Flink CDC PostgresCDC全量数据同步阶段支持字段排序
需求背景
在使用PostgresCDC进行数据同步的时候,全量阶段会导致状态大小疯涨,平时设置的状态ttl是基于处理时间的,但是全量阶段数据在短时间内被Flink处理,ttl的设置会导致过期的数据被丢弃,数据处于无序状态,会导致处理结果不一致。如果源数据有时间字段可以表示处理顺序的话,可以按照此字段进行有序处理,将会解决处理结果不一致的问题。当然如果不设置ttl,则无需考虑乱序问题。本篇文章主要介绍如何在PostgresCDC全量阶段(非增量快照同步)支持字段排序。
技术实现
从连接器参数中读取需要排序的字段列表,可以是多个字段,全量阶段在生成查询SQL的时候将排序字段添加的SQL语句上。
主要涉及两个类的变动:
- RelationalSnapshotChangeEventSource
- PostgresSnapshotChangeEventSource
"debezium.snapshot.scan.order.columns": "time"
修改RelationalSnapshotChangeEventSource
位置:io.debezium.relational.RelationalSnapshotChangeEventSource
目的:从连接器参数中读取排序字段,并拼接SQL
修改内容:
- 添加排序字段属性
public static final Field SNAPSHOT_SCAN_ORDER_COLUMNS = Field.create("snapshot.scan.order.columns")
.withDisplayName("Snapshot scan order columns")

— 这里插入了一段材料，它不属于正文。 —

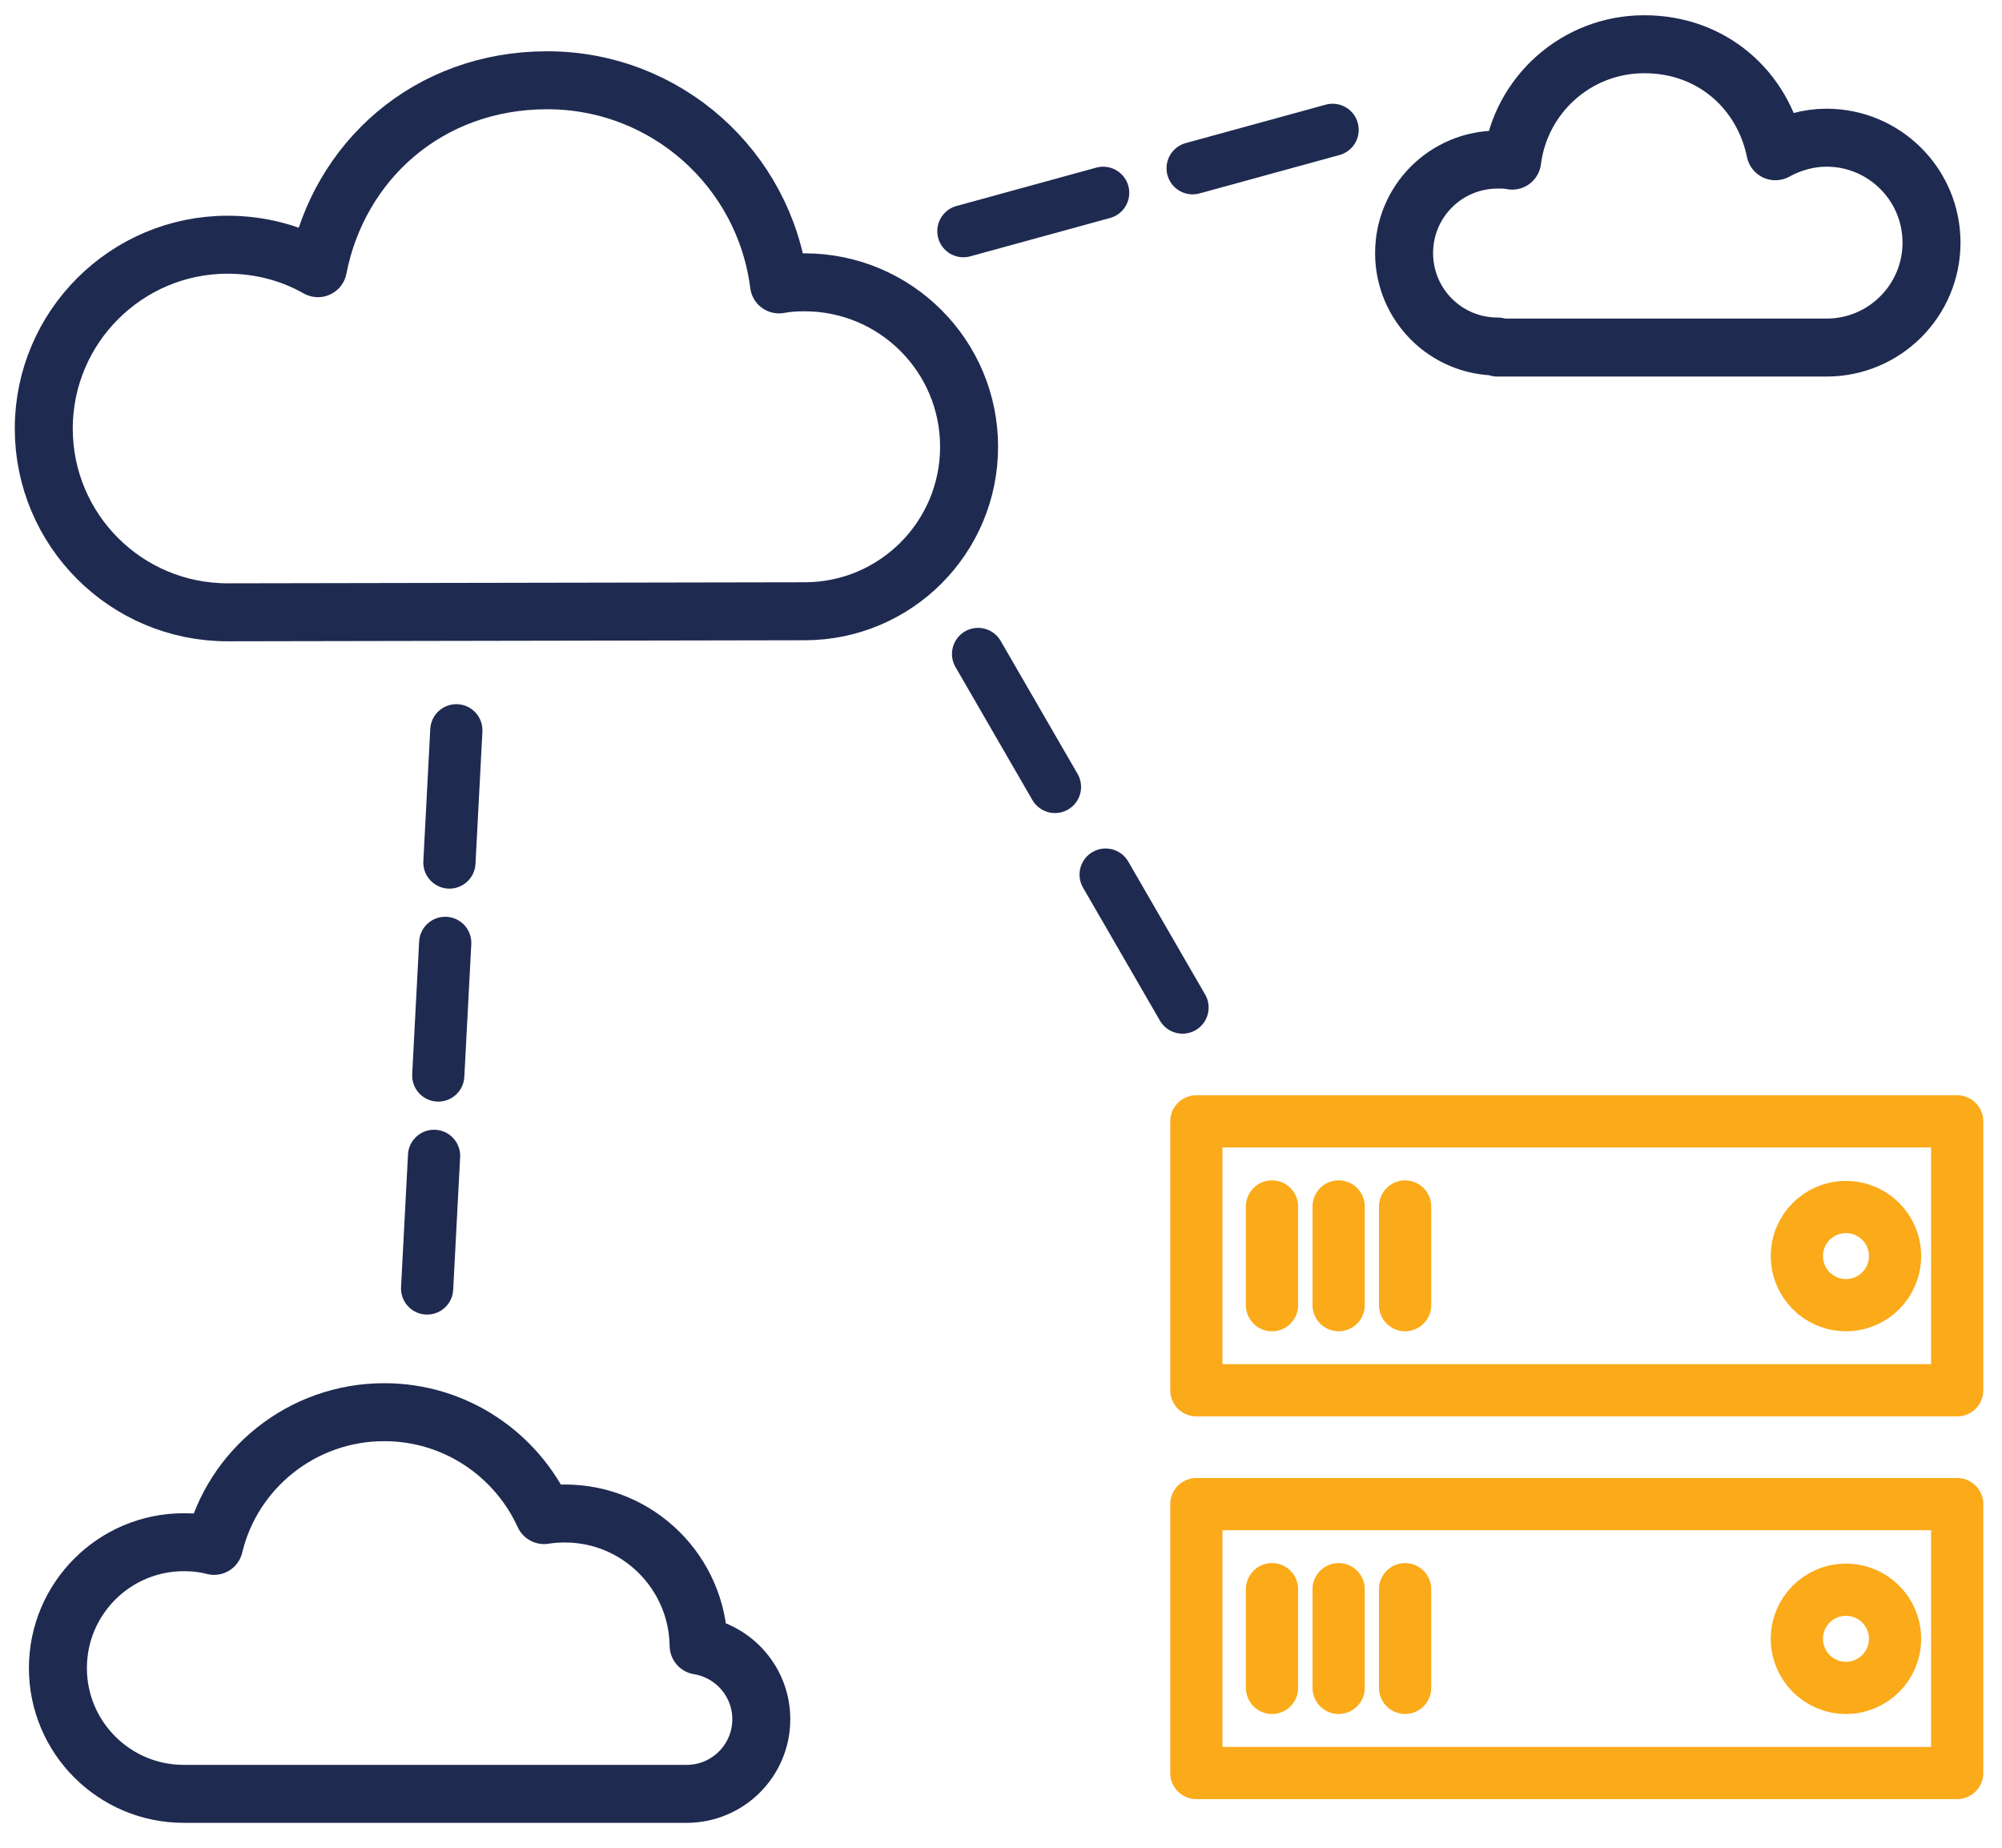 <?xml version="1.0" encoding="UTF-8"?> <svg xmlns="http://www.w3.org/2000/svg" width="52" height="48" viewBox="0 0 52 48" fill="none"><path d="M38.898 9.002C37.555 9.002 36.47 7.917 36.47 6.574C36.47 5.231 37.555 4.146 38.898 4.146C39.033 4.146 39.155 4.146 39.277 4.173C39.494 2.464 40.946 1.149 42.709 1.149C44.472 1.149 45.788 2.342 46.114 3.929C46.507 3.712 46.968 3.577 47.443 3.577C48.948 3.577 50.169 4.797 50.169 6.303C50.169 7.808 48.948 9.029 47.443 9.029H38.898V9.002ZM20.899 15.879C23.259 15.879 25.171 13.966 25.171 11.606C25.171 9.246 23.259 7.334 20.899 7.334C20.668 7.334 20.451 7.347 20.234 7.388C19.854 4.39 17.305 2.085 14.212 2.085C11.12 2.085 8.8 4.187 8.258 6.967C7.566 6.574 6.766 6.357 5.911 6.357C3.28 6.357 1.137 8.5 1.137 11.132C1.137 13.763 3.266 15.906 5.911 15.906L20.912 15.879H20.899Z" stroke="#1F2A50" stroke-width="1.506" stroke-linecap="round" stroke-linejoin="round"></path><path d="M16.437 46.6H17.834C18.906 46.6 19.774 45.732 19.774 44.661C19.774 43.698 19.069 42.898 18.146 42.748C18.119 40.85 16.573 39.317 14.674 39.317C14.484 39.317 14.308 39.33 14.132 39.358C13.413 37.784 11.826 36.685 9.981 36.685C7.838 36.685 6.034 38.164 5.559 40.158C5.302 40.09 5.044 40.063 4.773 40.063C2.969 40.063 1.504 41.528 1.504 43.332C1.504 45.136 2.969 46.6 4.773 46.6H16.451H16.437Z" stroke="#1F2A50" stroke-width="1.506" stroke-linecap="round" stroke-linejoin="round"></path><path d="M50.836 39.073H31.074V46.058H50.836V39.073Z" stroke="#FBAA19" stroke-width="1.356" stroke-linecap="round" stroke-linejoin="round"></path><path d="M33.039 41.283V43.847" stroke="#FBAA19" stroke-width="1.356" stroke-linecap="round" stroke-linejoin="round"></path><path d="M34.77 41.283V43.847" stroke="#FBAA19" stroke-width="1.356" stroke-linecap="round" stroke-linejoin="round"></path><path d="M36.496 41.283V43.847" stroke="#FBAA19" stroke-width="1.356" stroke-linecap="round" stroke-linejoin="round"></path><path d="M47.947 43.847C48.652 43.847 49.222 43.277 49.222 42.572C49.222 41.867 48.652 41.297 47.947 41.297C47.242 41.297 46.672 41.867 46.672 42.572C46.672 43.277 47.242 43.847 47.947 43.847Z" stroke="#FBAA19" stroke-width="1.356" stroke-linecap="round" stroke-linejoin="round"></path><path d="M50.836 29.13H31.074V36.116H50.836V29.13Z" stroke="#FBAA19" stroke-width="1.356" stroke-linecap="round" stroke-linejoin="round"></path><path d="M33.039 31.341V33.905" stroke="#FBAA19" stroke-width="1.356" stroke-linecap="round" stroke-linejoin="round"></path><path d="M34.77 31.341V33.905" stroke="#FBAA19" stroke-width="1.356" stroke-linecap="round" stroke-linejoin="round"></path><path d="M36.496 31.341V33.905" stroke="#FBAA19" stroke-width="1.356" stroke-linecap="round" stroke-linejoin="round"></path><path d="M47.947 33.905C48.652 33.905 49.222 33.335 49.222 32.63C49.222 31.924 48.652 31.355 47.947 31.355C47.242 31.355 46.672 31.924 46.672 32.63C46.672 33.335 47.242 33.905 47.947 33.905Z" stroke="#FBAA19" stroke-width="1.356" stroke-linecap="round" stroke-linejoin="round"></path><path d="M11.094 33.471L11.853 18.971" stroke="#1F2A50" stroke-width="1.356" stroke-linecap="round" stroke-linejoin="round" stroke-dasharray="3.45 2.09"></path><path d="M30.715 26.174L25.398 16.977" stroke="#1F2A50" stroke-width="1.356" stroke-linecap="round" stroke-linejoin="round" stroke-dasharray="3.99 2.63"></path><path d="M34.613 3.373L25.023 6.005" stroke="#1F2A50" stroke-width="1.356" stroke-linecap="round" stroke-linejoin="round" stroke-dasharray="3.77 2.41"></path></svg>

.withType(ConfigDef.Type.LIST)
.withWidth(ConfigDef.Width.LONG)
.withValidation(Field::isListOfRegex);
- 新增抽象方法用来让不同的数据库方言实现对应的排序语句
protected Optional<String> getSnapshotSelectWithOrderBy(String select, List<String> orderColumns) {
return Optional.of(select);
}
- 组装查询语句,修改determineSnapshotSelect方法
/**
* Returns a valid query string for the specified table, either given by the user via snapshot select overrides or
* defaulting to a statement provided by the DB-specific change event source.
*
* @param tableId the table to generate a query for
* @return a valid query string or empty if table will not be snapshotted
*/
private Optional<String> determineSnapshotSelect(RelationalSnapshotContext<P, O> snapshotContext, TableId tableId) {
String overriddenSelect = connectorConfig.getSnapshotSelectOverridesByTable().get(tableId);
// try without catalog id, as this might or might not be populated based on the given connector
if (overriddenSelect == null) {
overriddenSelect = connectorConfig.getSnapshotSelectOverridesByTable().get(new TableId(null, tableId.schema(), tableId.table()));
}
if (overriddenSelect != null) {
return Optional.of(enhanceOverriddenSelect(snapshotContext, overriddenSelect, tableId));
}
List<String> columns = getPreparedColumnNames(snapshotContext.partition, schema.tableFor(tableId));
Optional<String> snapshotSelect = getSnapshotSelect(snapshotContext, tableId, columns);
// 支持按照指定列名进行排序
if (snapshotSelect.isPresent()) {
String orderColumnsConf = this.connectorConfig.getConfig().getString(SNAPSHOT_SCAN_ORDER_COLUMNS);
if (!Strings.isNullOrBlank(orderColumnsConf)) {
List<String> orderColumns = Arrays.stream(orderColumnsConf.split(",")).map(
s -> {
String orderColumn = jdbcConnection.quotedColumnIdString(s.trim());
if (!columns.contains(orderColumn)) {
throw new ConnectException("Invalid order column '" + orderColumn + "' in '" + columns + "'");
}
return orderColumn;
}
).collect(Collectors.toList());
if (!orderColumns.isEmpty()) {
return getSnapshotSelectWithOrderBy(snapshotSelect.get(), orderColumns);
}
}
}
return snapshotSelect;
}
修改PostgresSnapshotChangeEventSource
位置:io.debezium.connector.postgresql.PostgresSnapshotChangeEventSource
目的:生成Postgres对应的排序语句
修改内容:
- 实现抽象方法getSnapshotSelectWithOrderBy
@Override
protected Optional<String> getSnapshotSelectWithOrderBy(String select, List<String> orderColumns) {
return Optional.of(select + " ORDER BY " + String.join(",", orderColumns));
}